Walking past the camp nearest my home, I observed the results up close. Flimsy tarpaulins strained under the weight of water, mattresses bobbed in water and clothes remained wet, never fully drying. Each step reminded me how precarious these dwellings are and how close the rain and cold came to taking life and health for hundreds of thousands living in tents and packed sanctuaries.

A great number of these residents have already been forced from their homes, many repeatedly. Homes are gone. Neighbourhoods leveled. Winter has descended upon Gaza, but protection from it has not. It has come without proper shelter, with no power, without heating.

The Weight on Education

In my role as a professor in Gaza, this weather causes deep concern. My students are not mere statistics; they are faces I recognize; bright, resilient, but deeply weary. Most join virtual lessons from tents; others from packed rooms where solitude is unattainable and connectivity intermittent. Many of my students have already lost family members. Most have been rendered homeless. Yet they still try to study. Their fortitude is remarkable, but it ought not be necessary in this way.

In Gaza, what would usually be routine academic practices—tasks, schedules—transform into ethical dilemmas, shaped each day by uncertainty about students’ security, heat and access to shelter.

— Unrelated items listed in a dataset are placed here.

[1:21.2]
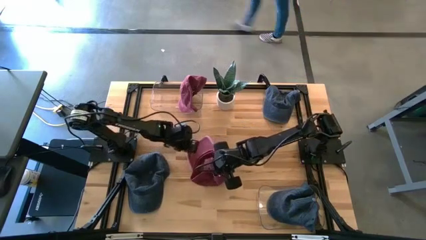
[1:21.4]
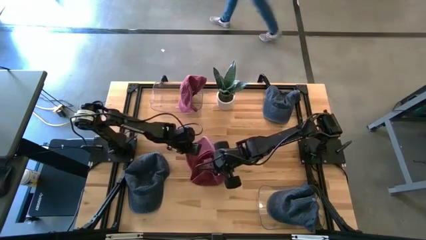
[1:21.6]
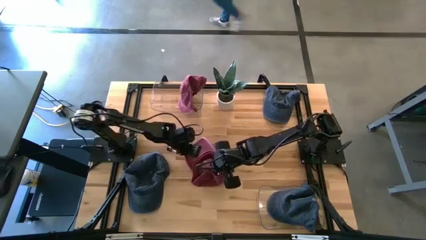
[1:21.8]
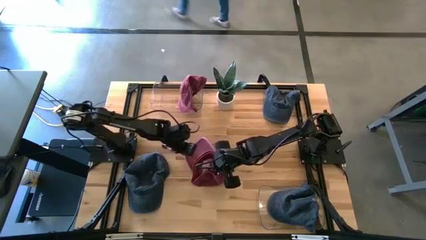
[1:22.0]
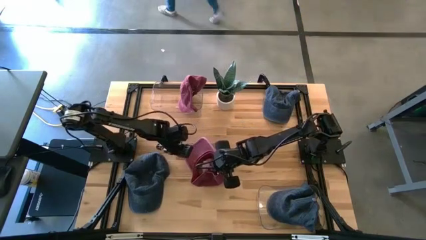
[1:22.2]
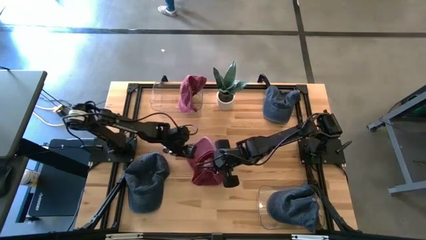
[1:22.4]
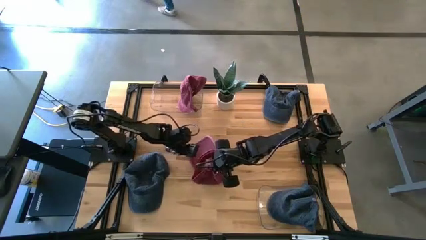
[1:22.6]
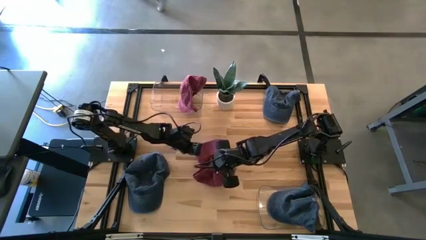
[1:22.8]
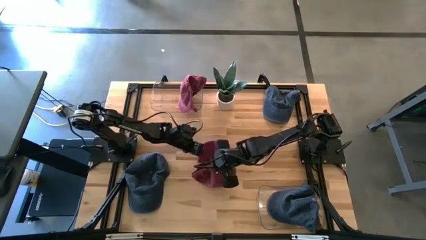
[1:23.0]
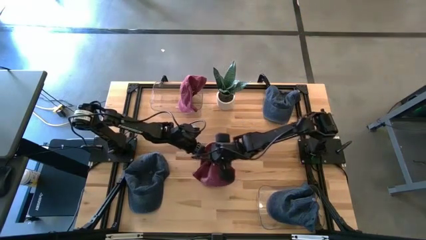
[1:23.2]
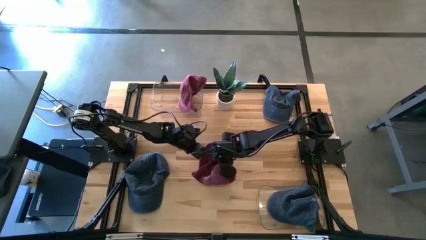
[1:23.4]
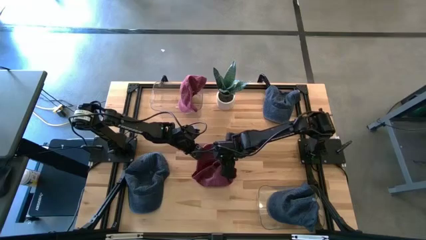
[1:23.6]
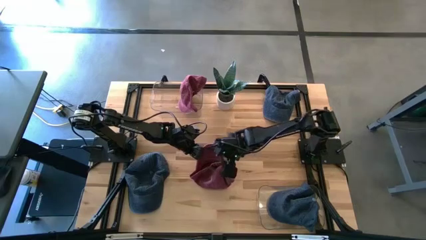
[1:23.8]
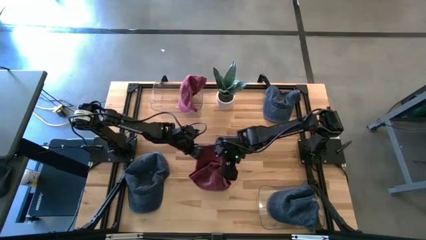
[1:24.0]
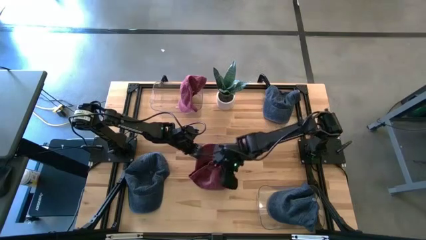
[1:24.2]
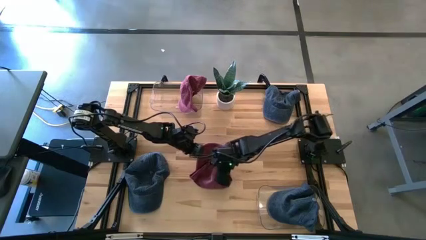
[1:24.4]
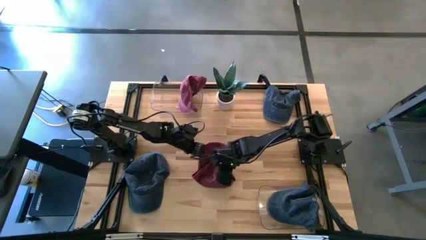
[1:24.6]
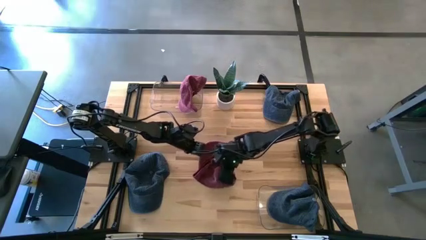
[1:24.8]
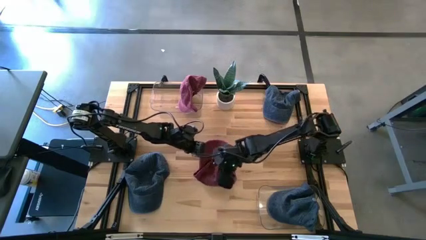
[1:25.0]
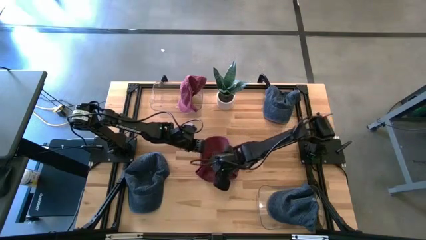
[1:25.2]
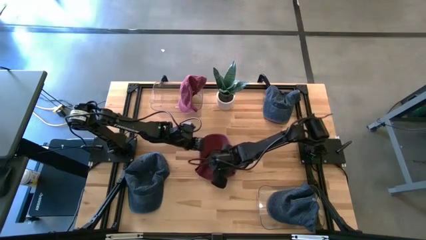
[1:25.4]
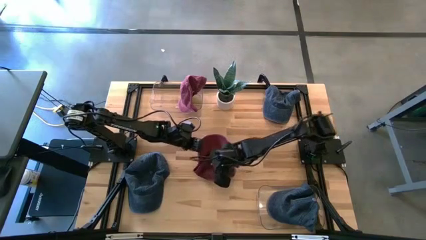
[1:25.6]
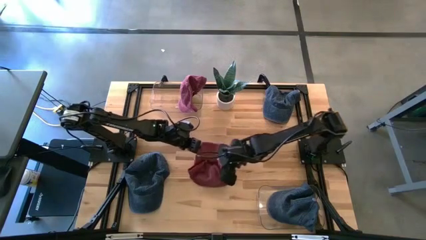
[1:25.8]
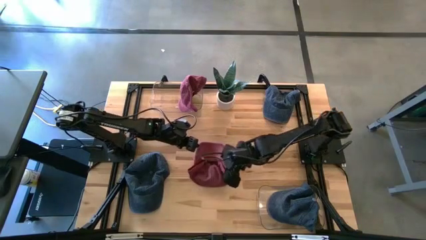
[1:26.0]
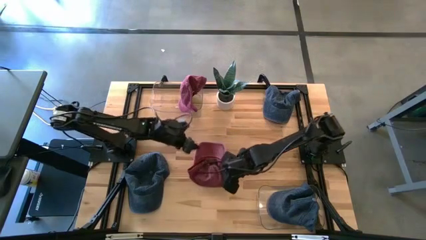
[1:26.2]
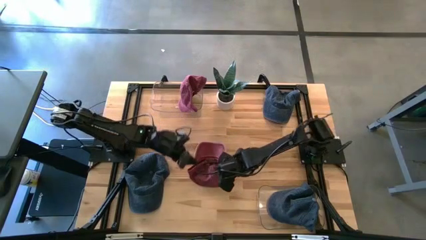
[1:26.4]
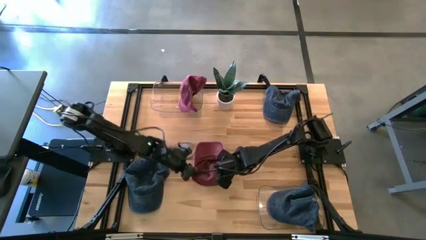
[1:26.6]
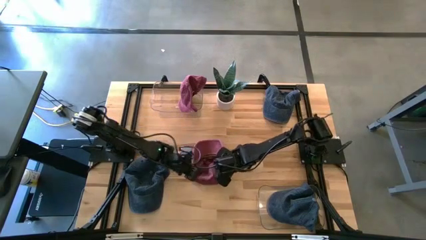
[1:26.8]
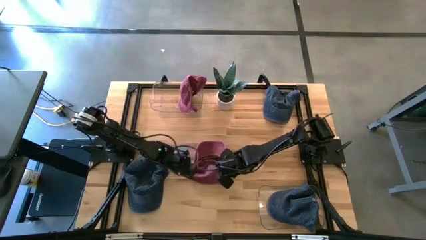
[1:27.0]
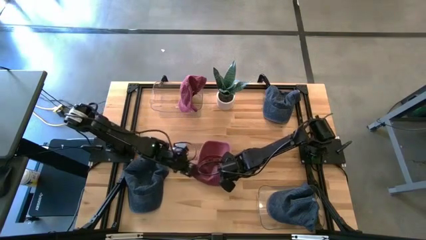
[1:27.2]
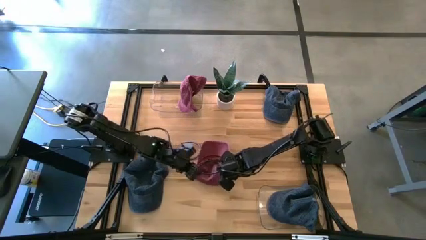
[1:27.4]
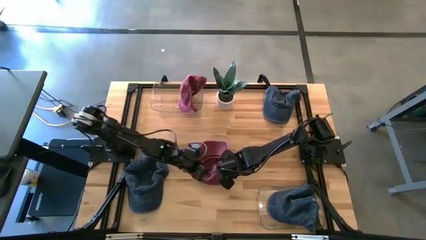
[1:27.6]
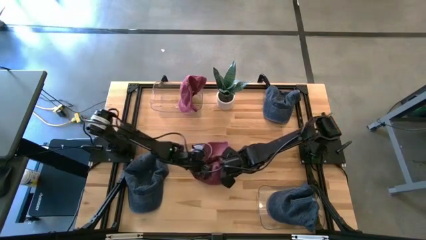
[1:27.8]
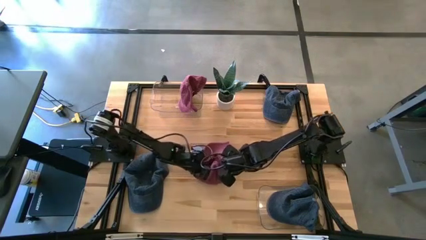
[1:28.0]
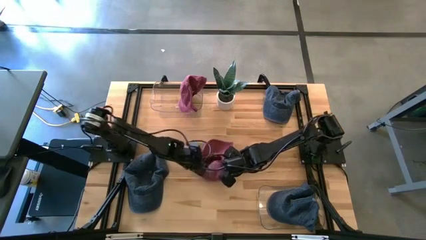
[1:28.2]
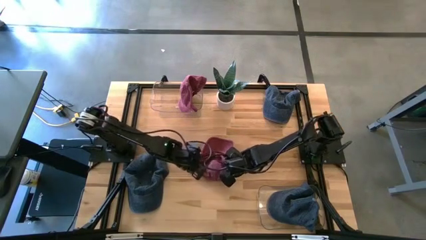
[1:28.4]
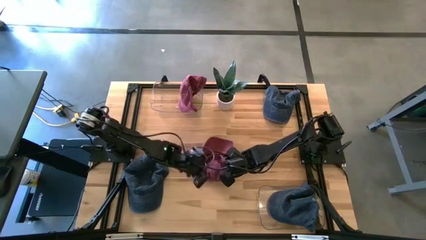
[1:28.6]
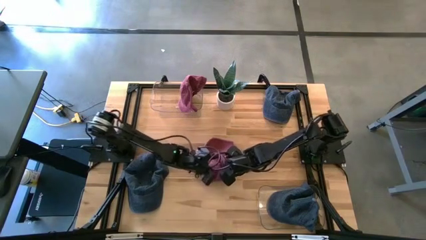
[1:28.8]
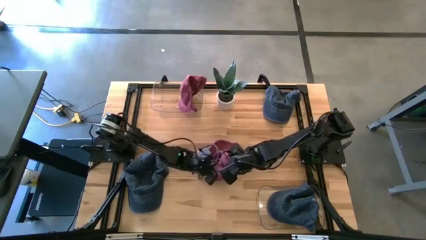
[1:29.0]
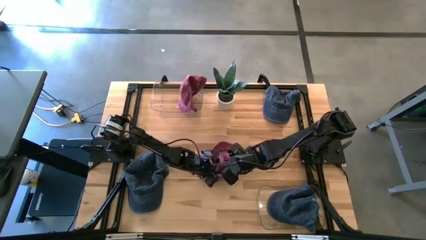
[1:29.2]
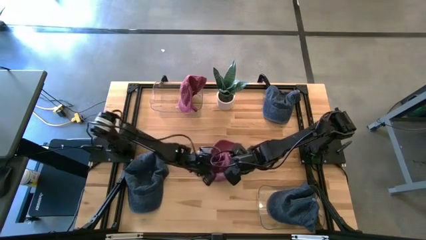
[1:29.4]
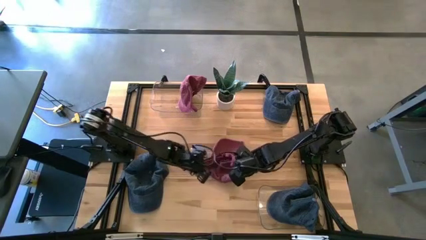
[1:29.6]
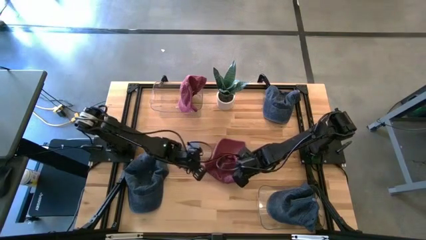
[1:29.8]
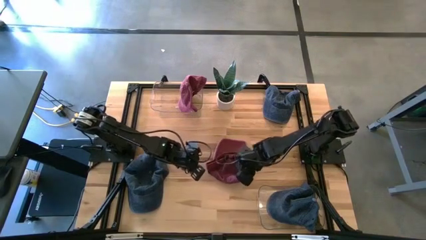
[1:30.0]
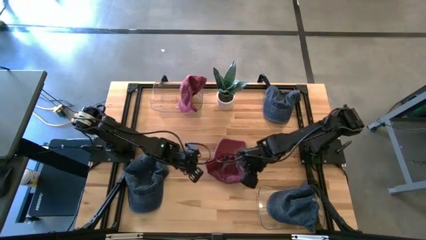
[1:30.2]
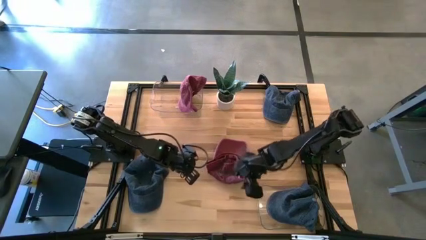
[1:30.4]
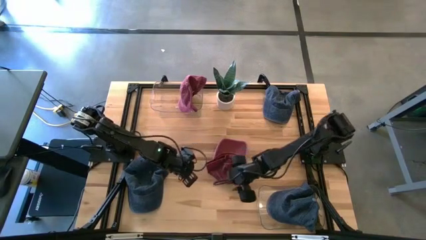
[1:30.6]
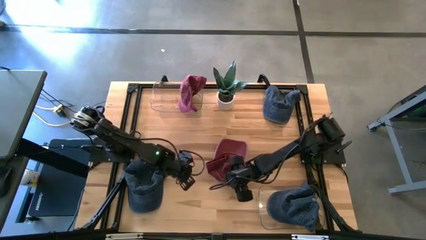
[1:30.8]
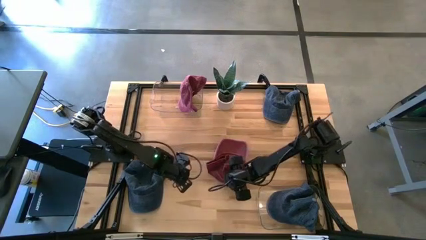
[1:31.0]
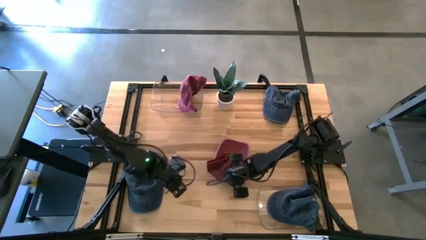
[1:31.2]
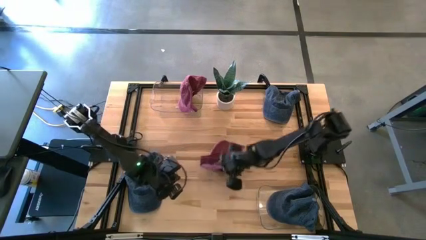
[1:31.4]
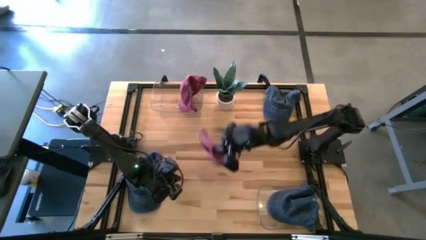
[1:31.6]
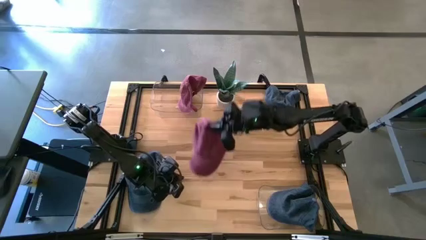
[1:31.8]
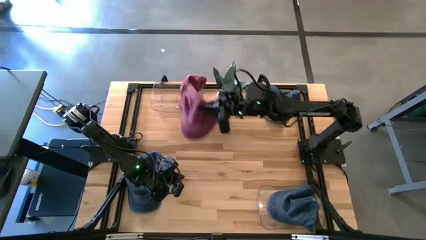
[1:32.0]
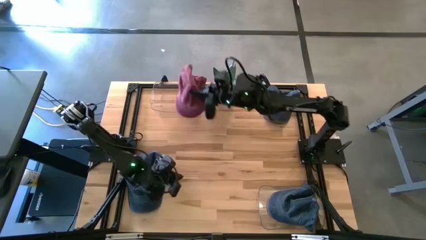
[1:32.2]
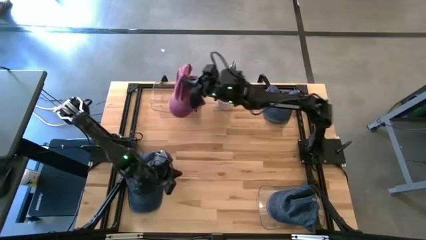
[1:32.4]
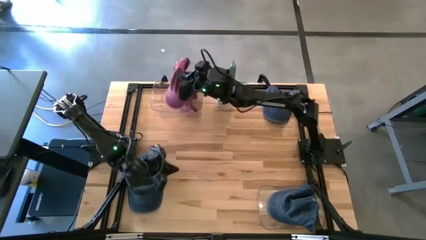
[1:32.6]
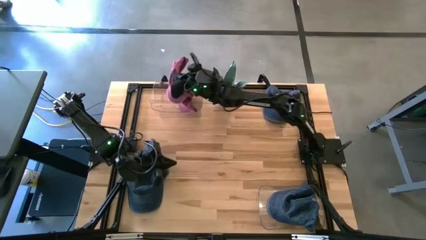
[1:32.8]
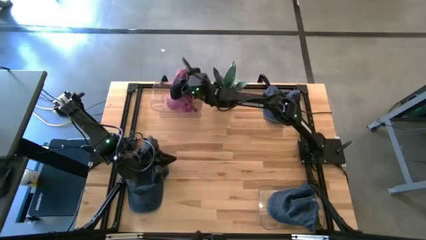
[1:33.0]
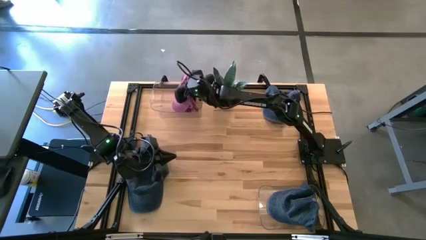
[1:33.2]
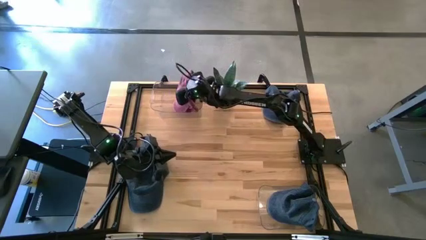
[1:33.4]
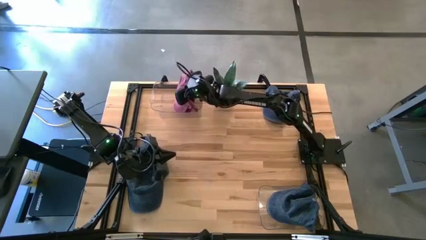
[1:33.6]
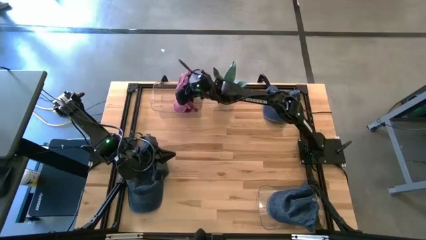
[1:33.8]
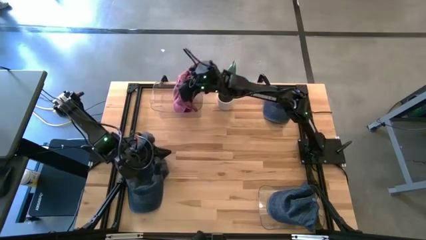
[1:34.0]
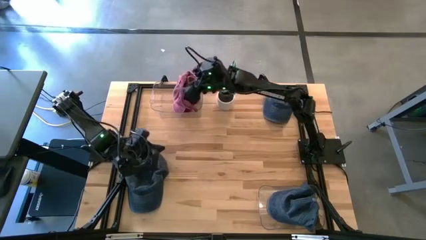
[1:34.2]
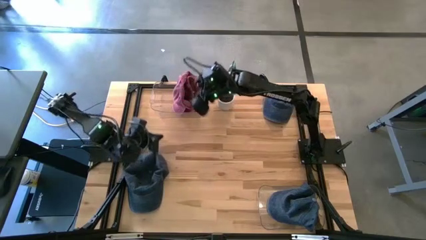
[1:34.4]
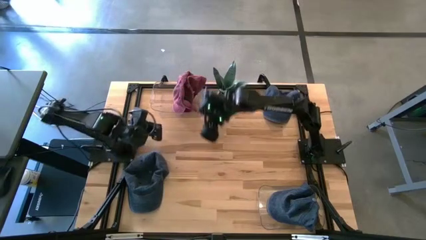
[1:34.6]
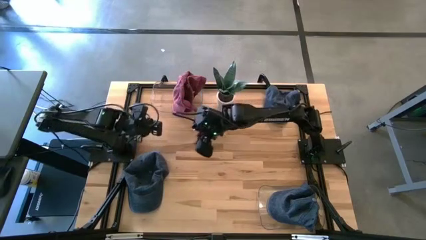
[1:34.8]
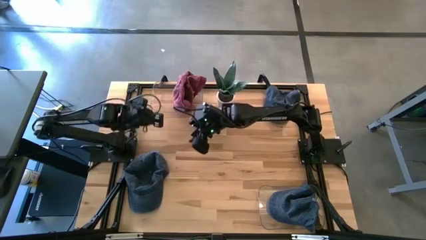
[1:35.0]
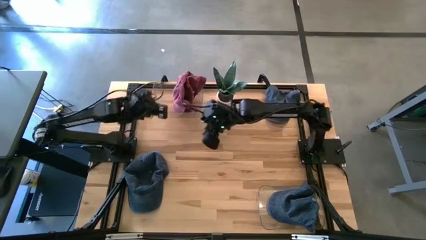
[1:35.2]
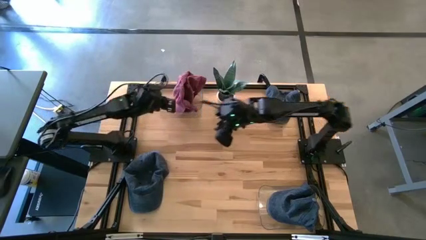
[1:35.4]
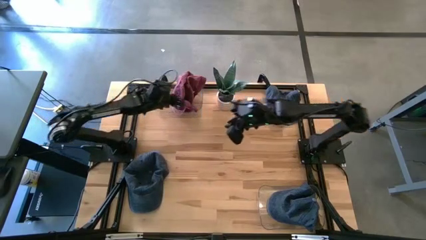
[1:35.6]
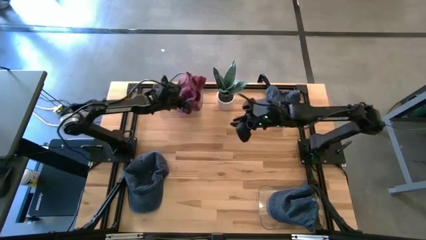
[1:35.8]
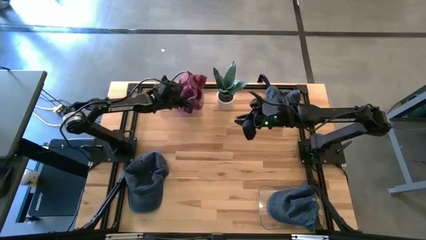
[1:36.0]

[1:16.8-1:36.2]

When the storm rages, I find myself thinking about them. Is their shelter holding? Do they feel any warmth? Did the wind tear through their shelter during the night? For those still living in apartments, or damaged structures, there is no heating. With electricity mostly absent and fuel scarce, warmth comes primarily through donning extra clothing and using any remaining covers. Even so, cold nights are intolerable. What about those living in tents?

Aid and Abandonment

Reports indicate that more than a million people in Gaza live in shelters. Aid supplies, including thermal blankets, have been far from enough. Amid the last tempest, relief groups reported providing tarpaulins, tents and bedding to a multitude of people. For those affected, however, this assistance was often perceived as uneven and inadequate, limited to short-term fixes that were largely ineffective against prolonged exposure to cold, wind and rain. Shelters fail. Chest infections, hypothermia, and infections associated with damp conditions are increasing.

This goes beyond an unforeseen disaster. Winter is an annual event. People in Gaza interpret this shortcoming not as fate, but as abandonment. People speak of how necessary items are hindered or postponed, while attempts to fix broken houses are repeatedly obstructed. Local initiatives have tried to find solutions, to hand out tarps, yet they remain limited by what is allowed to enter. The culpability lies in political and humanitarian. Remedies are known, but are withheld.

An Unnecessary Pain

The factor that intensifies this hardship especially heartbreaking is how unnecessary it should be. No individual ought to study, raise children, or fight illness standing knee-high in cold water inside a tent. It is wrong for a pupil to worry about the rain destroying their final textbook. Rain reveals just how precarious existence is. It strains physiques worn down by pressure, weariness, and sorrow.

This winter coincides with the Christmas season that, for millions, represents warmth, refuge and care for the disadvantaged. In Palestine, that {symbolism

Stephanie Mcbride
Stephanie Mcbride

A productivity coach and mindfulness advocate with over a decade of experience helping individuals optimize their routines.